Cancer Drugs Ipilimumab And Nivolumab, When Paired In Treatment, Significantly Slow Cancer Progression In Melanoma Patients

A pair of cancer drugs used in combination has shown an ability to shrink tumors in nearly 60 percent of people suffering from advanced melanoma, or skin cancer, doctors say.

The two drugs, nivolumab and ipilimumab, stopped such cancer from showing any signs of advancing for almost a year in an international trial with 945 patients, researchers say.

When the two drugs were combined, the delay in progression was nearly four times that offered by either drug alone, suggesting the remaining life span of people with advanced melanoma could be doubled or even quadrupled, the researchers report in their study published in the New England Journal of Medicine.

The researchers did acknowledge that using the two together increased the severity of side effects, meaning the treatment may not be appropriate for patients in otherwise frail health.

Still, the researchers note there were no deaths reported during the global, large-scale clinical trial.

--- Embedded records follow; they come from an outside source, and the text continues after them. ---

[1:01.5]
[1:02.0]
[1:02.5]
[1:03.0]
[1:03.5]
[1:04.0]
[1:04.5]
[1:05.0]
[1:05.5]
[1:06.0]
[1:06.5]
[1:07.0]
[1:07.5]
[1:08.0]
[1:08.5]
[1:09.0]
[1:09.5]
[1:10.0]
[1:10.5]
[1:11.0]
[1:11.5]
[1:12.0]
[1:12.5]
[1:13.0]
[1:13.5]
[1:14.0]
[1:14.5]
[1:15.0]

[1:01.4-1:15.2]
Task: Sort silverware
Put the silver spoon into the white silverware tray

"This trial was conducted at 137 sites globally, and the safety guidelines that were in place clearly were able to handle these side effects," says study author Dr. Jedd Wolchok, chief of the Melanoma and Immunotherapeutics Service at Memorial Sloan Kettering Cancer Center in New York City. "This treatment can be safely applied in a global setting."

Melanoma is the most serious form of skin cancer and is one of the most aggressive of all cancers.

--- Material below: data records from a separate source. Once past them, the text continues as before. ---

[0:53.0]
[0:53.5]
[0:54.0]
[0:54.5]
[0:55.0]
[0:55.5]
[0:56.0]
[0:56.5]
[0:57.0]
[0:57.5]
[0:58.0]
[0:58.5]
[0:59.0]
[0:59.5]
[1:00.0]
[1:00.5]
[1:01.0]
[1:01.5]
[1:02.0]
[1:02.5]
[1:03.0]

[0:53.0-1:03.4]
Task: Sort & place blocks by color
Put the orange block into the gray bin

The drugs have a particular effect on the human immune system, and using that system in the fight against all cancers is a rapidly growing area of cancer research.

Although a powerful defense against diseases that would assault the body, the immune system includes a number of internal "brakes" that hold it back from attacking healthy tissues in the body, brakes that cancer often takes advantage of to escape detection by the immune system as it spreads.

Both ipilimumab and nivolumab take some of those brakes off, the researchers say.

"By giving these drugs together you are effectively taking two brakes off the immune system rather than one so the immune system is able to recognize tumors it wasn't previously recognizing and react to that and destroy them," says study investigator James Larkin of the Royal Marsden Hospital in Great Britain.

"For immunotherapies, we've never seen tumor shrinkage rates over 50 percent so that's very significant to see," he added.

Much more research is needed to answer some questions, including why some people in the trial responded exceptionally well to the combination therapy while other displayed no improvement at all, the researcher note.

Bristol-Myers Squibb, the manufacturer of both drugs, funded the study.